There are several products on the Apple app store for iPhones and iPads that claim to promote electronic communications among patients, family members, and paid caregivers. In reviewing many, I found them — as a group — to be somewhat expensive and typically fairly difficult to use (by me, a member of the patient target group with a PhD and 25+ years of software development experience).

I have carried an iPhone and iPad with me almost continually for the past 10 years. I have always considered the voice control app Siri to be something of a “bar toy” that you can ask questions like “who won the 1923 World Series?” or “what is the dollar-euro exchange rate?” My judgment had been drawn based on the earliest versions of Siri that had significant problems in voice recognition and returned “interesting if bizarre” information in response to questions.

Then recently I watched a teen sit with her iPhone and take notes, schedule, get smart answers, and generally zip through her homework. She did not seem to be doing anything “special” to enable the phone to interpret her voice. And she got terrific and accurate translation of her spoken words into written words using Siri.

Well … I decided it was time to start acting “cool” and flexible again and seem like I was having a conversation with my friend Siri. I started to talk to Siri and “her/him/it” and tell it to take written notes. I experimented with several Apple devices and found that multiple individuals (and devices) linked on the same account can easily share notes.

Free. Nothing special required. Easy. Doing a little research, I concluded that the transcription and note taking function now work far better than ever before due to enhancements in Siri, but more importantly because of recent upgrades in the Notes app included in iOS.

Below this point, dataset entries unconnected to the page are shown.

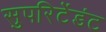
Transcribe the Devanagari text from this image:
सुपरिटेंडंट
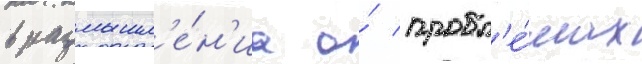
в размышл'е́н'иа о́ пробл'е́мах
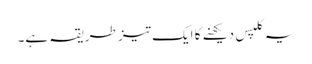
یہ کلپس دیکھنے کا ایک تیز طریقہ ہے۔
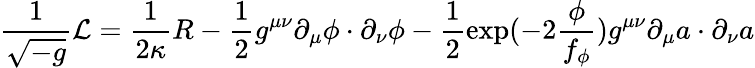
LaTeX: \frac{1}{\sqrt{-g}}{\cal L}=\frac{1}{2\kappa}R-\frac{1}{2}g^{\mu\nu}\partial_{\mu}\phi\cdot\partial_{\nu}\phi-\frac{1}{2}\exp(-2\frac{\phi}{f_{\phi}})g^{\mu\nu}\partial_{\mu}a\cdot\partial_{\nu}a
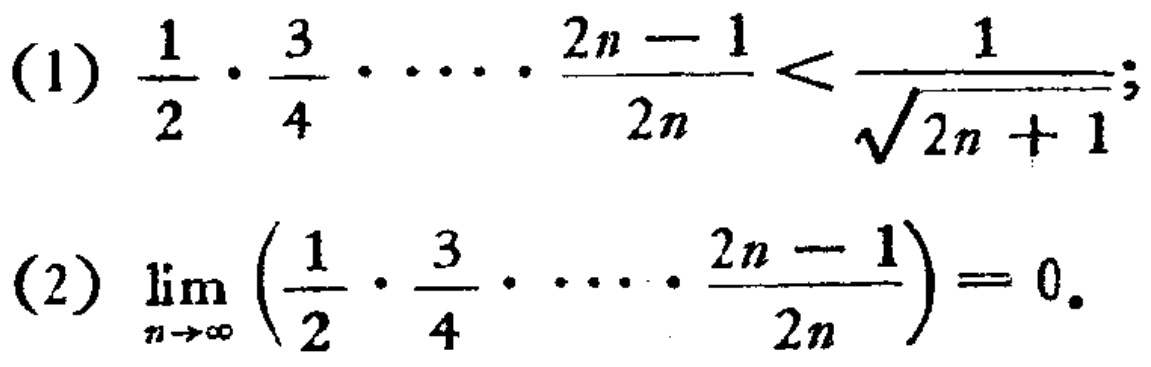
(1) \(\frac{1}{2} \cdot \frac{3}{4} \cdot \cdots \cdot \frac{2n - 1}{2n} < \frac{1}{\sqrt{2n + 1}}\);
(2) \(\lim_{n \to \infty} \left(\frac{1}{2} \cdot \frac{3}{4} \cdot \cdots \cdot \frac{2n - 1}{2n}\right) = 0\).
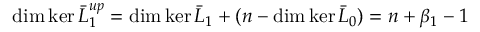
\dim \ker \bar { L } _ { 1 } ^ { u p } = \dim \ker \bar { L } _ { 1 } + ( n - \dim \ker \bar { L } _ { 0 } ) = n + \beta _ { 1 } - 1
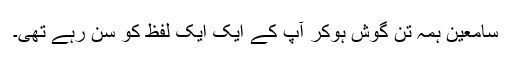
سامعین ہمہ تن گوش ہوکر آپ کے ایک ایک لفظ کو سُن رہے تھی۔
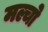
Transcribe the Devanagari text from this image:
मल्चो
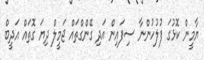
ޔާމީން ކޮޅުގަ ފުލުހުންނާ ސިފައިން އަދި ގޭންގްތައް ޖަމީލް ދިޔަ ގޮތައް އަދީބް
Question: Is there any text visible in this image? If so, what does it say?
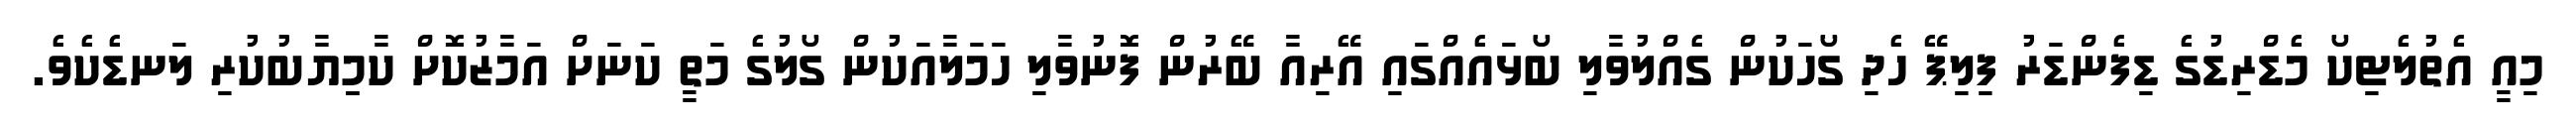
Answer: މިއީ އެތުލެޓިކޯ މެޑްރިޑުގެ ޑިފެންޑަރު ފިލިޕޭ ހެދި ގޯހަކުން ގެއްލުވާލި ބޯޅައެއްގައި އޭރިއާ ބޭރުން ފޮނުވާލި ހަމަލާއަކުން ގޯލުގެ މަތީ ކަނަށް އަމާޒުކޮށް ކާމިިޔާބުކުރި ލަނޑެކެވެ.
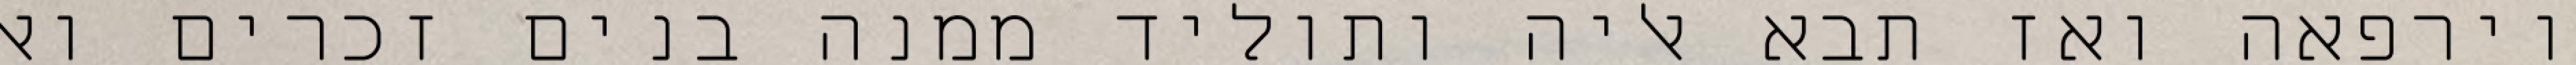
וירפאה ואז תבא אליה ותוליד ממנה בנים זכרים ואל
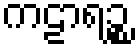
ကဠာရဉ္စ
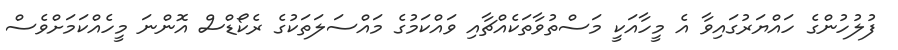
ފުލުހުންގެ ހައްޔަރުގައިވާ އެ މީހާއަކީ މަސްތުވާތަކެއްޗާއި ވައްކަމުގެ މައްސަލަތަކުގެ ރެކޯޑްސް އޮންނަ މީހެއްކަމަށްވެސް
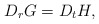
\begin{align*}D_r G = D_t H,\end{align*}
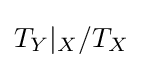
T_{Y}|_{X}/T_{X}

There is huge potential here for Persons with Dementia to take notes for themselves easily and simply by speaking into an iPhone they carry everywhere. And for caregivers and family members to leave notes for a Person with Dementia. Or to check the PWD’s notes to see what is going on. No lost notes and I bet that many people are likely to carry their phone everywhere than to carry a pencil and notepad.

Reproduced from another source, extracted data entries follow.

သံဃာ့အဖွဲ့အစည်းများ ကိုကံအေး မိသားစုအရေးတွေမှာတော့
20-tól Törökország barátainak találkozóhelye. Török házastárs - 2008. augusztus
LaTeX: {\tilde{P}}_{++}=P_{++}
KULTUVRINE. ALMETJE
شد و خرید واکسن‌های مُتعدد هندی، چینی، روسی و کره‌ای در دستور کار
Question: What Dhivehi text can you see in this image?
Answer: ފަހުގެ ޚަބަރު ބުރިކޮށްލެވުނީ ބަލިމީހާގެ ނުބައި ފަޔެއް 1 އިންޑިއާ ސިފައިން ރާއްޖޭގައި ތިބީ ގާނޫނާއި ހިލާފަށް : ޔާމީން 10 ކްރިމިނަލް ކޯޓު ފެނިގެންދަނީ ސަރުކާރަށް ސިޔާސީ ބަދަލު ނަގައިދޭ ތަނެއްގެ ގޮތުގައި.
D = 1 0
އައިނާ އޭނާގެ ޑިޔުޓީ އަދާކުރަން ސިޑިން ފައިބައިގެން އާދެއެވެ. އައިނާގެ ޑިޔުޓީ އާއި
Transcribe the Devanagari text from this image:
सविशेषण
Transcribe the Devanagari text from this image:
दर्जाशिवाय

If you and Mom (or Dad or your aging friends) carry iPhones, you can easily set up a system where notes can be shared in a couple of minutes.

Comments:
1. Apple is reliably rumored to be releasing Siri for the Mac in June 2016.
2. At this time I only recommend sharing notes, not calendars. Calendars are confusing.
3. Siri also runs on the Apple Watch. Hopefully well enough to also share notes.
4. Donald Trump is reportedly suing to change the name Siri because he does not want Syrians in the US (OK, so I couldn’t resist).

The mind map below organizes the basic information about this system and provides additional details.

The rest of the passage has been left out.